DATASET EXTRACT
--

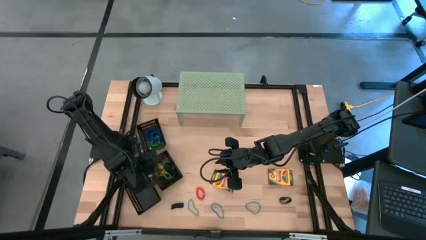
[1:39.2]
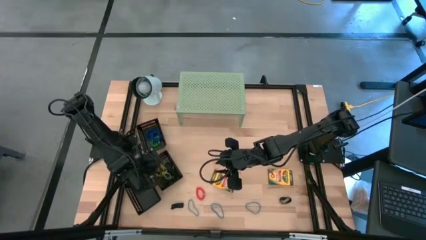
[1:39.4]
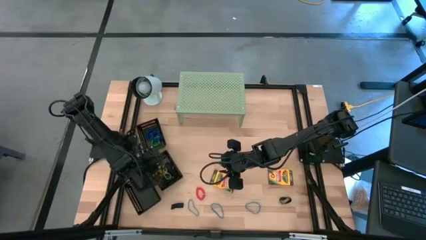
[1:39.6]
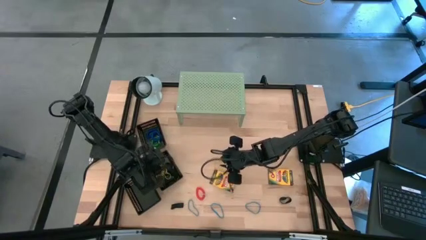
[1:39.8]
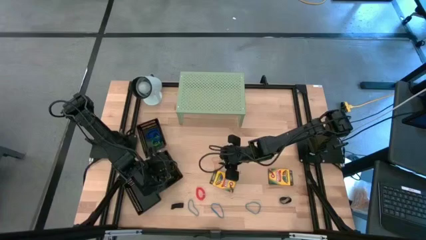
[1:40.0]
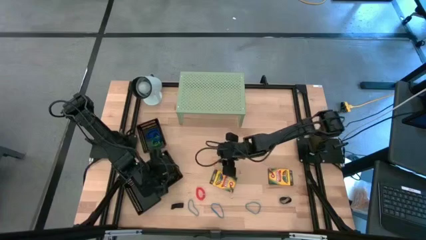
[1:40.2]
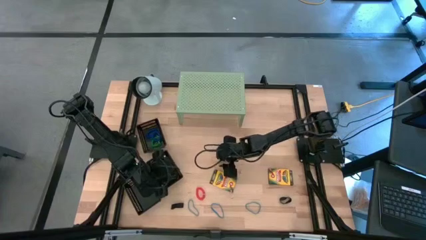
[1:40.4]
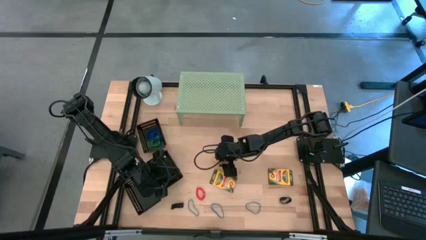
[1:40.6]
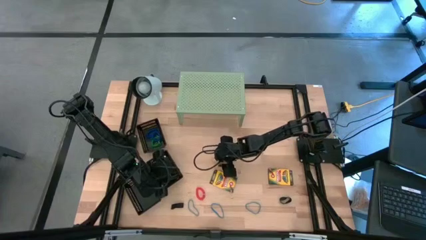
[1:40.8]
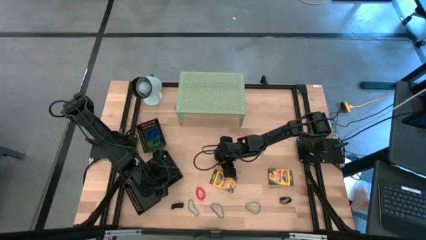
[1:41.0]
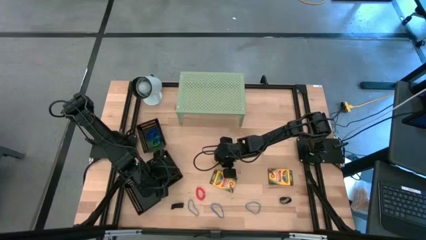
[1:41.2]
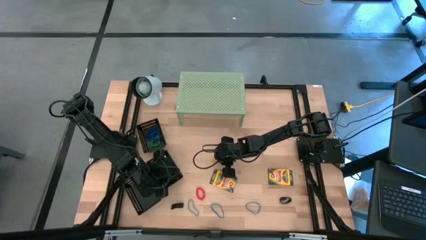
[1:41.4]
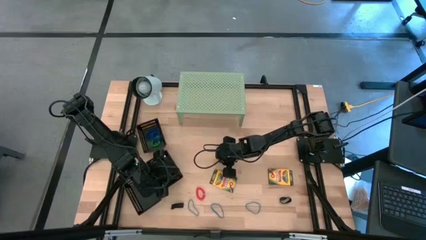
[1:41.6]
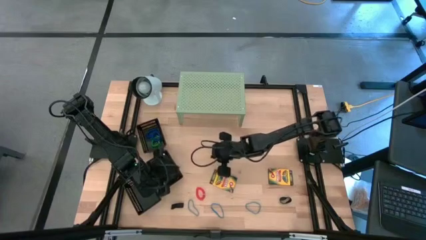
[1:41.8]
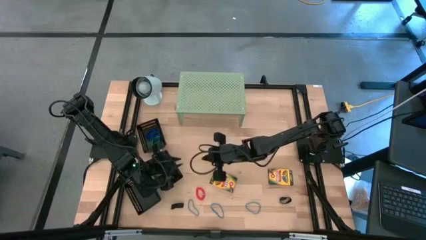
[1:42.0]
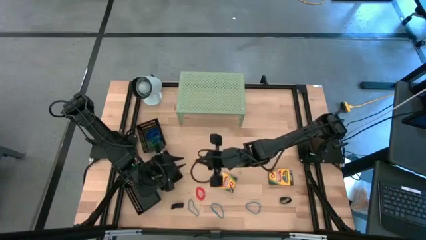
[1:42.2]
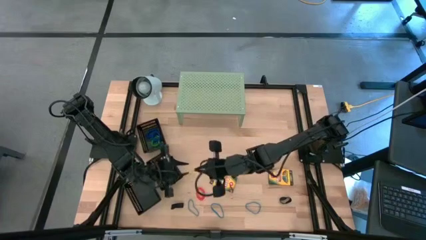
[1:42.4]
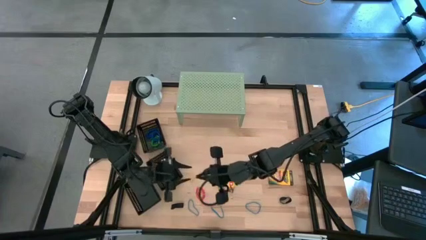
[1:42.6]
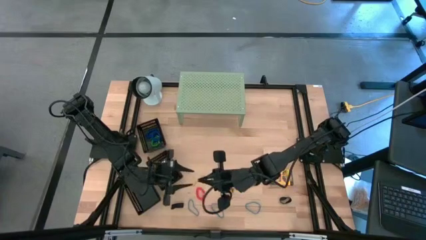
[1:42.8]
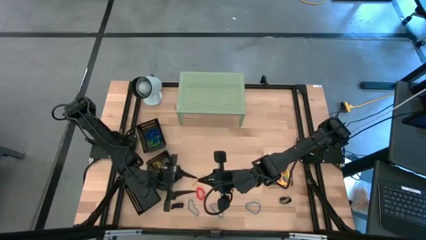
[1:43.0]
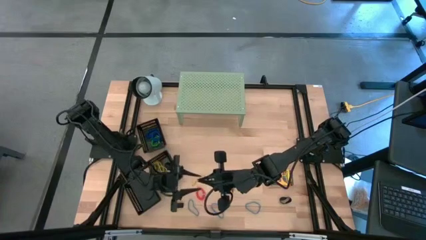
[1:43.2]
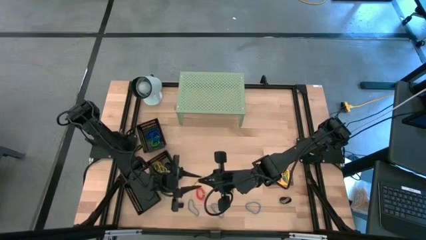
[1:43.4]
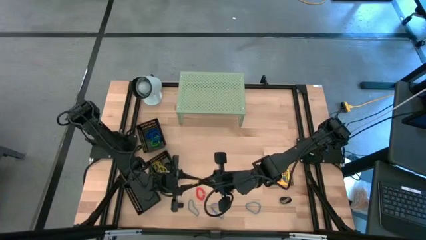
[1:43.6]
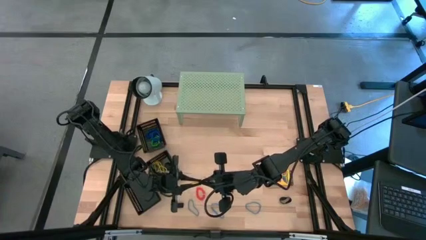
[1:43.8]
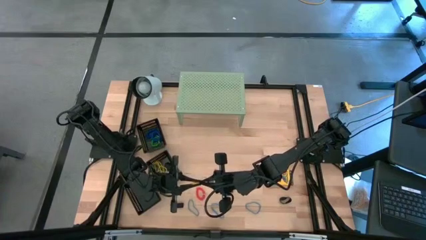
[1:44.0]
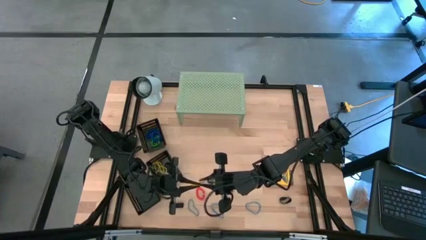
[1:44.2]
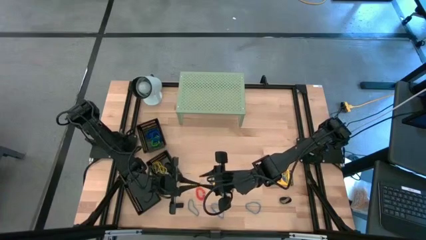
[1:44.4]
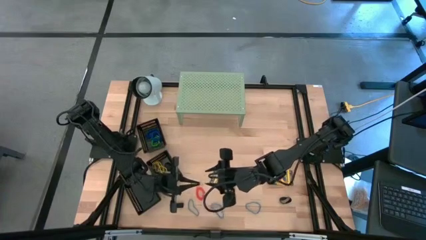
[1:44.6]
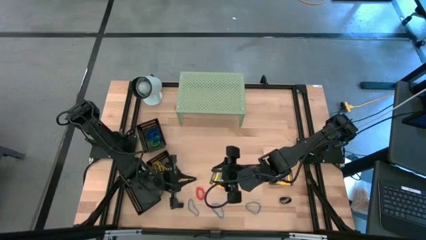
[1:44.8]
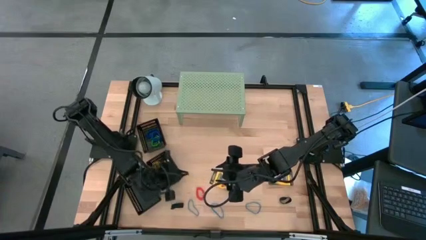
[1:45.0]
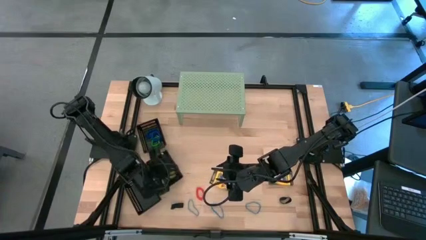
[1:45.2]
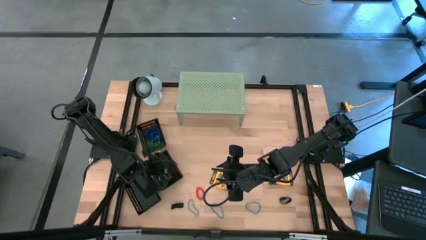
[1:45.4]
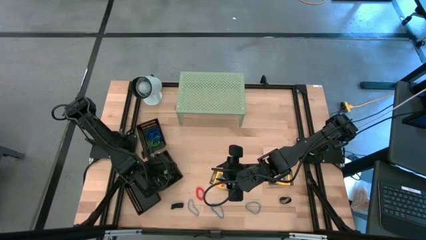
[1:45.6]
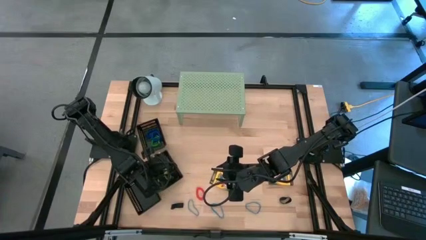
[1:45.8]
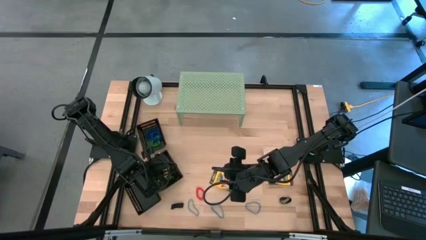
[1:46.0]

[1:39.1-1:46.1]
Task: Pick & Place Office Desk Supplies
Put the yellow rubber band into the middle black bin

--

WHAT YOU SHOULD DO
If an entry above holds a picture, omit the picture but retype everything else exactly.

ANSWER TO THE EXERCISE
[1:39.2]
[1:39.4]
[1:39.6]
[1:39.8]
[1:40.0]
[1:40.2]
[1:40.4]
[1:40.6]
[1:40.8]
[1:41.0]
[1:41.2]
[1:41.4]
[1:41.6]
[1:41.8]
[1:42.0]
[1:42.2]
[1:42.4]
[1:42.6]
[1:42.8]
[1:43.0]
[1:43.2]
[1:43.4]
[1:43.6]
[1:43.8]
[1:44.0]
[1:44.2]
[1:44.4]
[1:44.6]
[1:44.8]
[1:45.0]
[1:45.2]
[1:45.4]
[1:45.6]
[1:45.8]
[1:46.0]

[1:39.1-1:46.1]
Task: Pick & Place Office Desk Supplies
Put the yellow rubber band into the middle black bin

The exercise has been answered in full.